Peppered potato and two bean salad

Yield: 8 Servings

Measure Ingredient
2 pounds Red potatoes; five large, about
14½ ounce Cooked black beans; rinsed and drained
½ cup Chopped red onion
½ pounds Spinach leaves; rinsed and drained
1 medium Red bell pepper; cored and chopped
2 cups Cooked green beans; cold, OR about 16-ounces
1 cup Plain nonfat yogurt
3 tablespoons Minced fresh cilantro
3 tablespoons Minced fresh basil leaves
2 tablespoons Lemon juice

DRESSING

In a 5- to 6-quart pan, cover potatoes with water and bring to boiling on high heat; simmer until tender when pierced, about 30 to 35 minutes.

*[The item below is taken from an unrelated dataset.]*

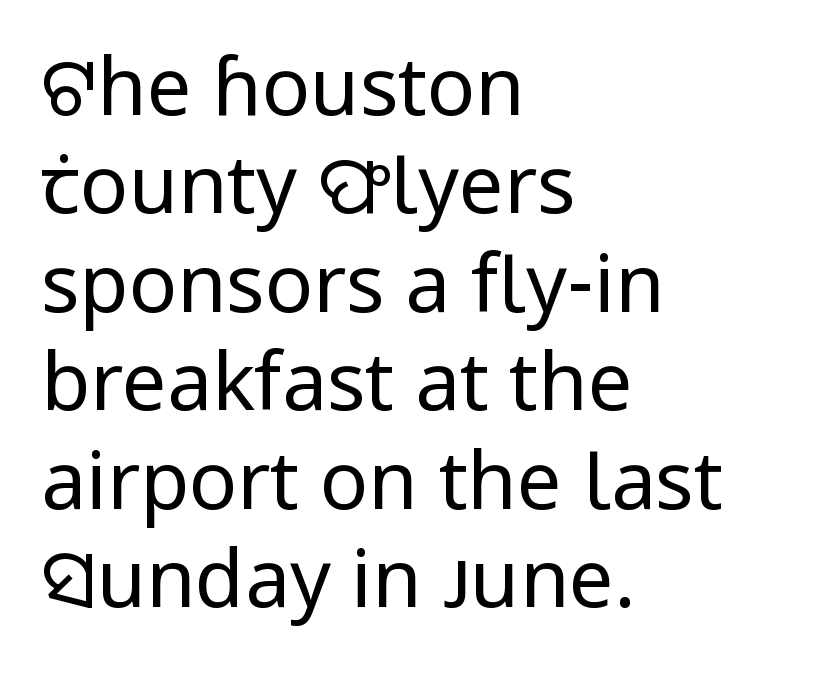
If you drew a line through each stem, it would be perfectly vertical. Summary of weight: not heavy and not bold. Note: no serifs on the glyphs. Decoration check: the copy has no underline.

Drain, let cool, and cut in ¾-inch chunks into a bowl. Add black beans, onion and dressing; mix.

Line a platter with a few spinach leaves; sliver remainder. Mound cut spinach on a platter and top with potato salad; sprinkle with red peppers and surround with green beans. Salt to taste.

Dressing: combine yogurt (or use half-reduced-calorie mayonnaise) with herbs and juice.

Contacts () California. Project LEAN; PO Box 942732, MS-675; Sacramento, CA 94234-7320. -MC( kitpath@... )BUSTer- 10/98

Notes: [Per serving Calories 170; Fat 1g (3%cff); Cholesterol 1mg; Sodium 46mg]

Recipe by: Sunset Magazine and California Project LEAN Posted to EAT-LF Digest by Pat Hanneman <kitpath@...> on Oct 01, 1998, converted by MM_Buster v2.0l.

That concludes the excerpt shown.